The Aborigines say the trouble started in 1788. The kangaroos say it started about 40,000 years earlier.

Brian H
June 6, 2012 10:02 pm

RoHa;
considering the day and night contrast between our PMs (Harper vs. Gillard), I think the direction of ridicule is N→S between Canada and Oddstralia …
>:)
John Day;
That is one odd movie. http://solar.nro.nao.ac.jp/norh/html/10min/2012/06/06/movie.html Venus looks like a tumbling cube crossing the face. Must be the low resolution of the RF image.

Brian H
June 6, 2012 10:32 pm

Blade says:
June 6, 2012 at 4:36 am

It’s hard to tell what you most lack, humor or intelligence. The article and cite are ironic. Funny. Joking.
Duh.

Brian H
June 6, 2012 10:39 pm

Crispin in Waterloo says:
June 6, 2012 at 3:39 pm

It is hard to understand how Venus floats so beautifully in empty space.

Slightly poetic, but utterly misconceived. Try “how Venus screams at high speed thru [empty, except for the solar wind, etc.] space, just fast enough to keep from falling to its doom like a marshmellow into a bonfire.”
See? Accuracy can be poetic, too!
>;p

Blade
June 7, 2012 4:35 am

Brian H [June 6, 2012 at 10:32 pm] says:
“It’s hard to tell what you most lack, humor or intelligence. The article and cite are ironic. Funny. Joking. Duh.”

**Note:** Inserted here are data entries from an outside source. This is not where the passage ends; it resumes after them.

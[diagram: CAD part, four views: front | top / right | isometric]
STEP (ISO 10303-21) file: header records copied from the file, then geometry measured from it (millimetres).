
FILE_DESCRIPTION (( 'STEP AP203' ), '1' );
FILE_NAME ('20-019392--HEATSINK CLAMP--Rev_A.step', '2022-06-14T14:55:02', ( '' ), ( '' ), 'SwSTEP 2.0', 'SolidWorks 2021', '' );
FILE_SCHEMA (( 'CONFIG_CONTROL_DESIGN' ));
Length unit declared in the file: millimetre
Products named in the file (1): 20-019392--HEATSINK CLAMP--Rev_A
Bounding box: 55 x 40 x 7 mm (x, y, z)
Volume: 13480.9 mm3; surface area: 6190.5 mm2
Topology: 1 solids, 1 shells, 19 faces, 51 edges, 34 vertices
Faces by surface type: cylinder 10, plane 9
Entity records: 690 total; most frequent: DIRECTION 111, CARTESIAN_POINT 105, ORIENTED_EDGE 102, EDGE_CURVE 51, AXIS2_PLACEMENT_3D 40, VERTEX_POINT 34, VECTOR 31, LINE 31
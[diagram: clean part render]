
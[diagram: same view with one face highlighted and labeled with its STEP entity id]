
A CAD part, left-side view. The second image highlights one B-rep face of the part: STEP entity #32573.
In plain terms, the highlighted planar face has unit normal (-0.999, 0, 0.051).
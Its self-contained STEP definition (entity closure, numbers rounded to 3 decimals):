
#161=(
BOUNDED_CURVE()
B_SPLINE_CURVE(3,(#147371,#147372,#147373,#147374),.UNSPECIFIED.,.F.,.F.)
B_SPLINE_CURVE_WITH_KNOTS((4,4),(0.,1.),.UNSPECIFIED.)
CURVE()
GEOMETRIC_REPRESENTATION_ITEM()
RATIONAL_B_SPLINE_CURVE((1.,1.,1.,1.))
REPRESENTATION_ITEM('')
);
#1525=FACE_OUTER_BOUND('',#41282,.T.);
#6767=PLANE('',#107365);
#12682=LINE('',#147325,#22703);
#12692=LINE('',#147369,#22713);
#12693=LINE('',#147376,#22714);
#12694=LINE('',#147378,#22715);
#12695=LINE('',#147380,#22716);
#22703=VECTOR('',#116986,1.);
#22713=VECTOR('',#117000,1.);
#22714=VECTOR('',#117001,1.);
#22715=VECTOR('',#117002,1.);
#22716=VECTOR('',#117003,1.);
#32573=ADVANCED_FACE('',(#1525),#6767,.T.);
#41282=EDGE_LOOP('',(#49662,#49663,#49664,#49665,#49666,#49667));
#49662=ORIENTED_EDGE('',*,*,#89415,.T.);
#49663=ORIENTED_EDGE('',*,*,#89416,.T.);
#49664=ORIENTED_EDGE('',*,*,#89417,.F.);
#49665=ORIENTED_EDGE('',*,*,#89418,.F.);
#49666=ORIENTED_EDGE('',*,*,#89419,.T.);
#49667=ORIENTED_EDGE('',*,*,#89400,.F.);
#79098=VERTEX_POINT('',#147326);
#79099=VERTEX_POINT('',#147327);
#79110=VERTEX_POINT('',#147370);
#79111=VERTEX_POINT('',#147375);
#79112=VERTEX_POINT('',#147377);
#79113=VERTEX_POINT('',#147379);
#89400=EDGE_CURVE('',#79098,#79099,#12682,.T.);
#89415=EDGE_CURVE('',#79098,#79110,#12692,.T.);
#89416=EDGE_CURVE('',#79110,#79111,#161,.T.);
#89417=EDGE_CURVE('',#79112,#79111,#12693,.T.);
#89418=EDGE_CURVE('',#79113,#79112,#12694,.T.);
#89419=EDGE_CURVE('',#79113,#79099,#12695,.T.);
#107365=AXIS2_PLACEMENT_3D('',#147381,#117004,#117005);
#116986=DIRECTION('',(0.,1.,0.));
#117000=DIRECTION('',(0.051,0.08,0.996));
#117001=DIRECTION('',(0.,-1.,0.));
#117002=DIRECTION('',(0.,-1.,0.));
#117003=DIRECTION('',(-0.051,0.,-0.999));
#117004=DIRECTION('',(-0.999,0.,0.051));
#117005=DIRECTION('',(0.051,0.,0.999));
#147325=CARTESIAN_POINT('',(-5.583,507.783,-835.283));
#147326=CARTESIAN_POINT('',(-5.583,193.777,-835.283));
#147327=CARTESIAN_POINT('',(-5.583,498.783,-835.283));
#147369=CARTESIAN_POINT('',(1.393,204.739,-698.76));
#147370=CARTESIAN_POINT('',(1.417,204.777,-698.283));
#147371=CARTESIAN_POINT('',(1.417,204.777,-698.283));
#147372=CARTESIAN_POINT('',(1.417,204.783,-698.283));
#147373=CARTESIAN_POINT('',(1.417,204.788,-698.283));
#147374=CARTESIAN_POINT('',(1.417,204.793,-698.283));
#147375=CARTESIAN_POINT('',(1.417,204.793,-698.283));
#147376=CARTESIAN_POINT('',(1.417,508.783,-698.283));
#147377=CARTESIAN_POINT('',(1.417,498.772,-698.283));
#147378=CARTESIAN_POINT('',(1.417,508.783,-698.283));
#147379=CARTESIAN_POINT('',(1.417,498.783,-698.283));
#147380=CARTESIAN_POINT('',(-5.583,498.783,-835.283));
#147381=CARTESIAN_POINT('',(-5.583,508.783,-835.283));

Ummm, what? I was commenting on the news clipping Smokey provided. It looks like an op-ed from a local newspaper. My comment is that it was clearly written by an AGW believing Obama voter. See here …

Smokey [June 5, 2012 at 7:14 pm] says:
“Meet the newest member of the Team…
specializing in Solar physics.”

Brian, are you implying I scewed up? Explain please. Particularly about a lack of sense of humor.

Mr. Alex
June 7, 2012 6:45 am

In South Africa we are on the edge of visibility, to optimise the view we drove 320km up north to the Saint Lucia Estuary on the KwaZulu-Natal coast… As the sun rose at 6:37 AM June 6th we managed to see Venus at its internal egress. It was amazing, you could actually see it without any filter… I took a picture with a simple digital camera (although it’s a bit blurred). By 6:49 it was gone. I will never forget it. I was lucky enough to see both the 2004 and 2012 transits and I am only 21.